The Courier & Advertiser (Perth and Perthshire Edition)
May’s abortion reform test
There must have been few women in Britain who didn’t applaud the vote in Ireland on Saturday to liberalise abortion laws. The referendum to overturn the Republic’s eighth amendment – which allowed abortion only when a woman’s life was at risk but not in cases of rape, incest or fatal foetal abnormality – had brought expats home from all corners of the globe, in the absence of postal votes, to change history.
Theresa May was among those congratulating the winning side, describing the result as an ‘impressive show of democracy’.
Like most British women, she no doubt found it difficult to comprehend an otherwise modern state reverting to medieval barbarity and forcing an estimated 170,000 of its female citizens to travel across the Irish Sea to have abortions.
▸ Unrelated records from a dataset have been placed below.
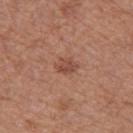Part of a total-body skin-imaging series; this lesion was reviewed on a skin check and was not flagged for biopsy.
Cropped from a whole-body photographic skin survey; the tile spans about 15 mm.
The lesion is on the left thigh.
This is a white-light tile.
A female patient in their 40s.
The lesion-visualizer software estimated a mean CIELAB color near L≈48 a*≈23 b*≈28 and a normalized lesion–skin contrast near 6.5. The software also gave border irregularity of about 1.5 on a 0–10 scale and radial color variation of about 1.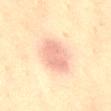A 15 mm close-up extracted from a 3D total-body photography capture.
The lesion's longest dimension is about 5 mm.
The total-body-photography lesion software estimated a footprint of about 13 mm² and a shape eccentricity near 0.65. The analysis additionally found a mean CIELAB color near L≈66 a*≈19 b*≈28, a lesion–skin lightness drop of about 10, and a lesion-to-skin contrast of about 6.5 (normalized; higher = more distinct).
The tile uses cross-polarized illumination.
A female patient in their 80s.
Located on the abdomen.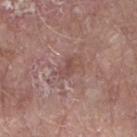Captured during whole-body skin photography for melanoma surveillance; the lesion was not biopsied.
Captured under white-light illumination.
From the arm.
The recorded lesion diameter is about 2.5 mm.
Automated image analysis of the tile measured a mean CIELAB color near L≈48 a*≈21 b*≈22 and roughly 7 lightness units darker than nearby skin. And it measured a classifier nevus-likeness of about 0/100 and lesion-presence confidence of about 90/100.
A 15 mm close-up tile from a total-body photography series done for melanoma screening.
The subject is a male aged 58 to 62.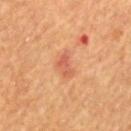notes = catalogued during a skin exam; not biopsied | patient = male, in their mid-50s | image = 15 mm crop, total-body photography | lighting = cross-polarized illumination | TBP lesion metrics = an area of roughly 4.5 mm², an eccentricity of roughly 0.8, and two-axis asymmetry of about 0.4; an automated nevus-likeness rating near 0 out of 100 and a detector confidence of about 100 out of 100 that the crop contains a lesion | location = the upper back | lesion diameter = about 3 mm.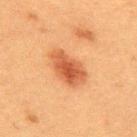Recorded during total-body skin imaging; not selected for excision or biopsy. Longest diameter approximately 5 mm. A 15 mm close-up extracted from a 3D total-body photography capture. A male subject aged around 50. An algorithmic analysis of the crop reported a footprint of about 10 mm², an eccentricity of roughly 0.85, and a symmetry-axis asymmetry near 0.2. It also reported a lesion–skin lightness drop of about 11 and a lesion-to-skin contrast of about 8.5 (normalized; higher = more distinct). The software also gave a nevus-likeness score of about 95/100 and a lesion-detection confidence of about 100/100. Located on the upper back.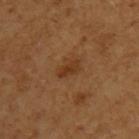follow-up — imaged on a skin check; not biopsied
image source — total-body-photography crop, ~15 mm field of view
body site — the arm
patient — female, in their mid-50s
tile lighting — cross-polarized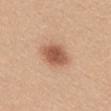workup = total-body-photography surveillance lesion; no biopsy
image source = 15 mm crop, total-body photography
lighting = white-light
subject = female, aged around 30
location = the back
size = about 4.5 mm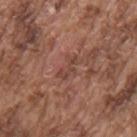| key | value |
|---|---|
| TBP lesion metrics | a lesion area of about 3.5 mm², an outline eccentricity of about 0.9 (0 = round, 1 = elongated), and a symmetry-axis asymmetry near 0.5; roughly 7 lightness units darker than nearby skin and a lesion-to-skin contrast of about 5.5 (normalized; higher = more distinct) |
| anatomic site | the upper back |
| imaging modality | ~15 mm tile from a whole-body skin photo |
| lesion size | ~3 mm (longest diameter) |
| patient | male, in their mid-70s |
| lighting | white-light illumination |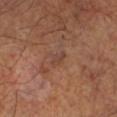Impression:
Recorded during total-body skin imaging; not selected for excision or biopsy.
Context:
From the left lower leg. Captured under cross-polarized illumination. Automated tile analysis of the lesion measured a footprint of about 2.5 mm², an outline eccentricity of about 0.85 (0 = round, 1 = elongated), and two-axis asymmetry of about 0.25. The analysis additionally found an automated nevus-likeness rating near 0 out of 100 and lesion-presence confidence of about 100/100. Approximately 2.5 mm at its widest. A male subject, about 65 years old. A roughly 15 mm field-of-view crop from a total-body skin photograph.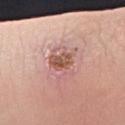| feature | finding |
|---|---|
| biopsy status | catalogued during a skin exam; not biopsied |
| body site | the arm |
| diameter | ~4.5 mm (longest diameter) |
| illumination | white-light illumination |
| imaging modality | ~15 mm tile from a whole-body skin photo |
| patient | male, in their mid- to late 20s |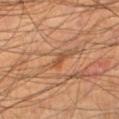No biopsy was performed on this lesion — it was imaged during a full skin examination and was not determined to be concerning. The lesion is located on the right lower leg. A male subject, about 65 years old. A 15 mm crop from a total-body photograph taken for skin-cancer surveillance. Approximately 2 mm at its widest.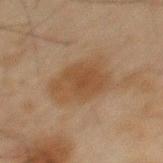notes: catalogued during a skin exam; not biopsied | diameter: ~5.5 mm (longest diameter) | patient: male, about 45 years old | image source: ~15 mm tile from a whole-body skin photo | automated metrics: a footprint of about 18 mm², an eccentricity of roughly 0.7, and a shape-asymmetry score of about 0.2 (0 = symmetric); a border-irregularity rating of about 2.5/10, internal color variation of about 3 on a 0–10 scale, and peripheral color asymmetry of about 1 | body site: the mid back.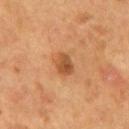Impression:
Captured during whole-body skin photography for melanoma surveillance; the lesion was not biopsied.
Background:
The patient is a male aged 53–57. A 15 mm close-up extracted from a 3D total-body photography capture. The lesion is located on the back.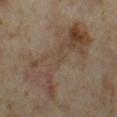{
  "biopsy_status": "not biopsied; imaged during a skin examination",
  "lighting": "cross-polarized",
  "site": "left thigh",
  "automated_metrics": {
    "area_mm2_approx": 32.0,
    "eccentricity": 0.85,
    "shape_asymmetry": 0.4,
    "cielab_L": 41,
    "cielab_a": 13,
    "cielab_b": 25,
    "vs_skin_contrast_norm": 6.0,
    "color_variation_0_10": 7.5,
    "nevus_likeness_0_100": 0,
    "lesion_detection_confidence_0_100": 65
  },
  "image": {
    "source": "total-body photography crop",
    "field_of_view_mm": 15
  },
  "lesion_size": {
    "long_diameter_mm_approx": 9.0
  },
  "patient": {
    "sex": "female",
    "age_approx": 35
  }
}

Perhaps even more shocking in the wake of the Irish campaign was the reminder that Northern Ireland, part of the UK, also bans abortion, except to save the mother’s life. To the relatively secular societies of England, Scotland and Wales, the dictates of the religious lobby in Northern Ireland are an abomination and out of step with the rest of the West.
Women on the left and right at Westminster are now urging May to call a referendum in Belfast so that Northern Irish women, too, can have the right to choose.
So far, she has refused, and with very good reason. However strongly we feel about Northern Ireland’s antiquated legislation, the province has a devolved administration, just as Scotland and Wales do, and abortion laws are a matter for Stormont, the regional assembly.
The fact that this body has not sat for more than a year because the DUP and Sinn Fein, its main political parties, are unable to agree on a power-sharing deal complicates the issue – but that doesn’t give MPs an excuse to wade in.
Several of May’s colleagues, including Education Minister Anne Milton, and former ministers Amber Rudd, Nicky Morgan, Justine Greening and Maria Miller, think she should intervene.
Labour, meanwhile, has said it is looking at ‘legislative options’ in Westminster to change the Northern Ireland abortion law.
All seem to agree that the prime minister must either introduce reform in the Commons and give MPs a free vote, or impose a plebiscite on Northern Ireland.
This would surely find backing among many Ulster voters, but that still makes it wrong. The leaders of the DUP and Sinn Fein might need their heads knocked together for their failure over the past year to govern themselves.
And it’s fair to say they don’t deserve devolution if they can’t find a way to make it work. But that doesn’t alter the fact that they have devolution.
Imagine how our devolved regime in Scotland would react if a Tory government in London rode roughshod over Northern Ireland’s home rule act. It would be a gift to the Scottish Nationalists, providing concrete proof of Westminster’s tendency to power grab.
And what confusion would reign if May ordered a ballot over abortion in Northern Ireland but refused one on independence north of the border.
The principles of the constitution aside, she cannot, of course, afford to risk upsetting the DUP leader, Arlene Foster. Since last year’s general election, the weakened Conservatives have depended on the Ulster Unionists. Now, with Brexit ongoing, May needs their votes more than ever.
The DUP is pro-life, although Sinn Fein apparently backs a change in the law, and Foster has made it clear she will not be told by Downing Street, or anyone else, how she should react to the Dublin vote.
“It is an extremely sensitive issue and not one that should have people taking to the streets in celebration,” she said.
This may be a minority view in the British Isles but it is hardly a surprising one from the DUP. So it is foolish of May’s colleagues, and cynical of the Labour opposition, to demand action that could jeopardise the fragile alliance between the Tories and the Ulster MPs.
Shami Chakrabarti, the former director of Liberty and now one of Jeremy Corbyn’s closest allies, was on TV wringing her hands at the awfulness of Northern Ireland’s rules on abortion.
This is the woman who Corbyn employed to whitewash over charges of anti-Semitism in Labour (for which, it is alleged, she accepted a peerage as payment) and, incidentally, one of those icons of the Left who oppose private education, except in the case of her son.
Her liberal credentials are not what they were. The likes of Chakrabarti want May to antagonise the DUP in order to bring down the government and make way for Corbyn. That much is obvious. But is that what her own party wants too?